The most common side effect associated with tositumomab treatment is lowered blood cell count. Other common side effects are mostly infusion-related, and they include: weakness, fever, nausea, infection, cough. Severe allergic reactions may also occur.1

  • 1. Chu, E., & DeVita, V. T. (2015).
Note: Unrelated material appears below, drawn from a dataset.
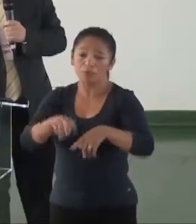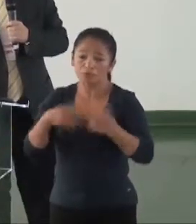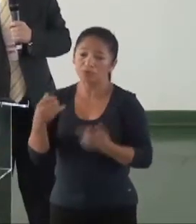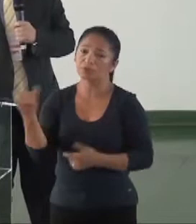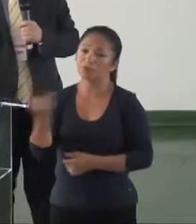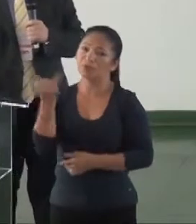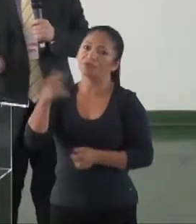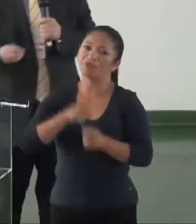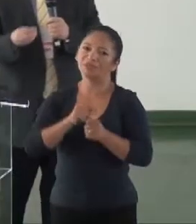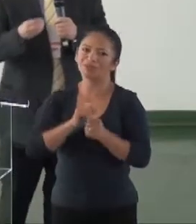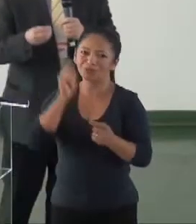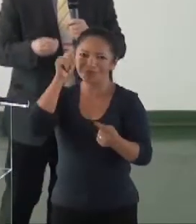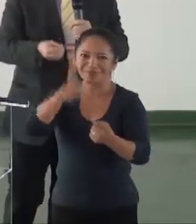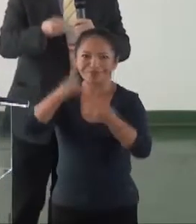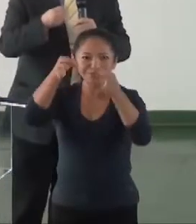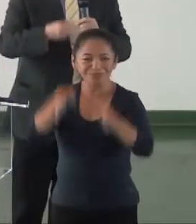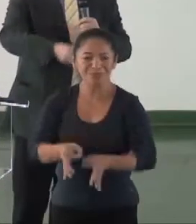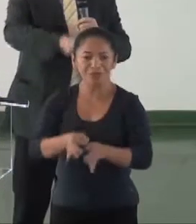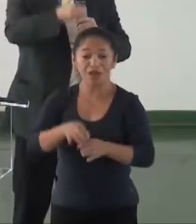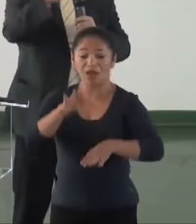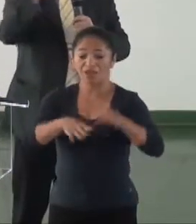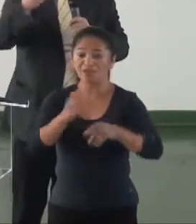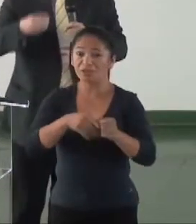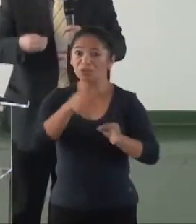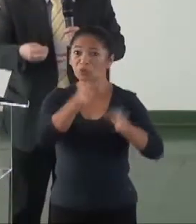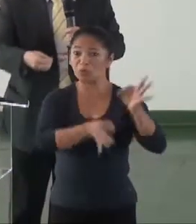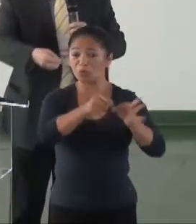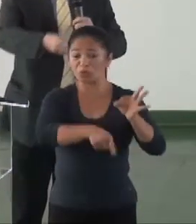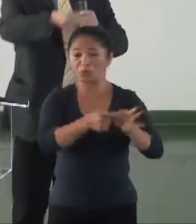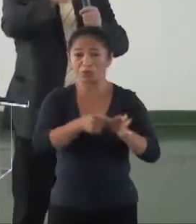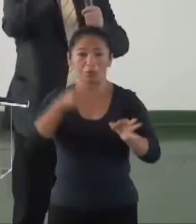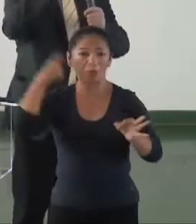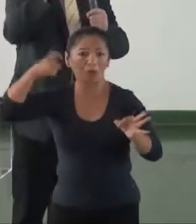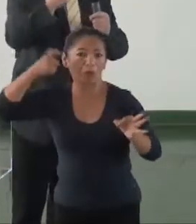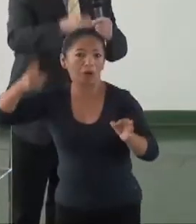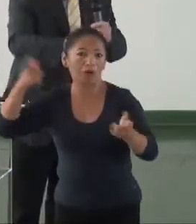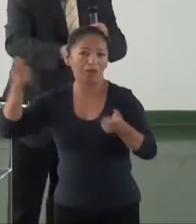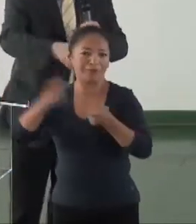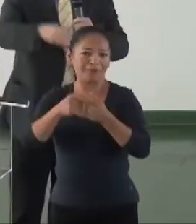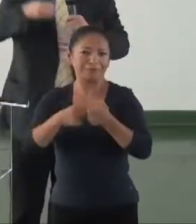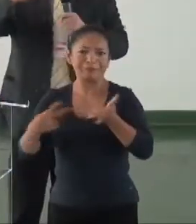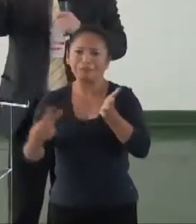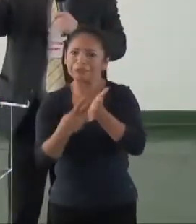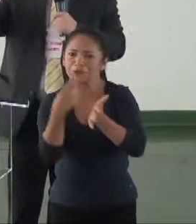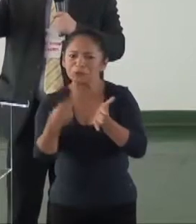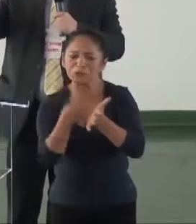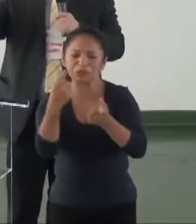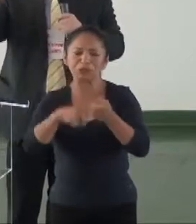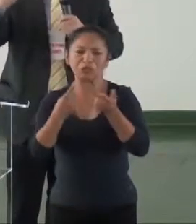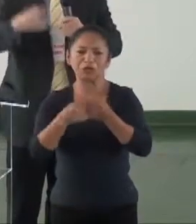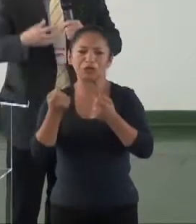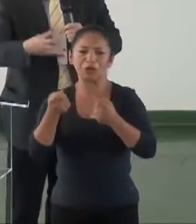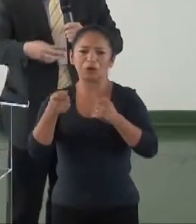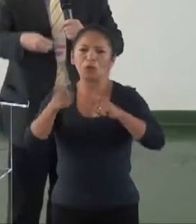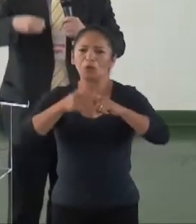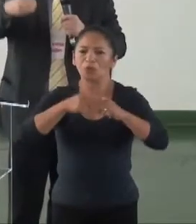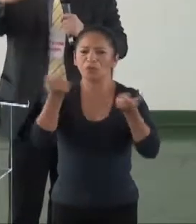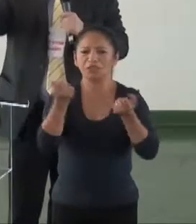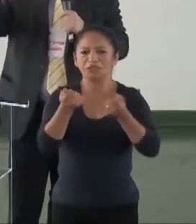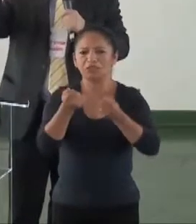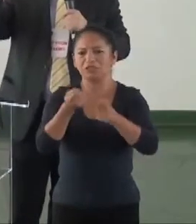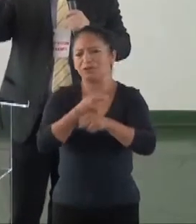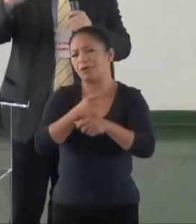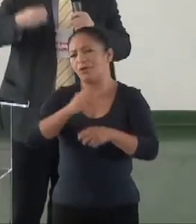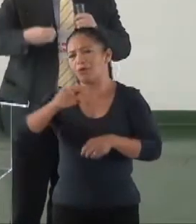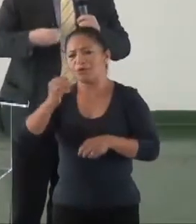na verdade, o desafio. Em vez do promotor estar preocupado com cirurgias, de ortopedia, de neurologia,

Physicians' cancer chemotherapy drug manual 2015. Burlington, MA: Jones & Bartlett Learning.
Contraindications:

Patients should not become pregnant while undergoing tositumomab therapy and therapy should not be given before pregnancy is ruled out. Contraception should be used by males and females during and 12 months after treatment has ended.  Patients who have already received murine proteins and may have mounted an anti-mouse immune response are at a higher risk for a reaction of this sort. In some patients hypothyroidism (reduced thyroid gland function) may occur. For this reason thyroid blocking agents must be administered with tositumomab. Treatment and screening for hypothyroidism should continue on an annual basis after treatment ends. Because this therapy includes a radioactive material that is inside the body for some period of time, patients should be given special instructions and precautions to prevent harm to any other person.1

  • 1. Chu, E., & DeVita, V. T. (2015). Physicians' cancer chemotherapy drug manual 2015. Burlington, MA: Jones & Bartlett Learning.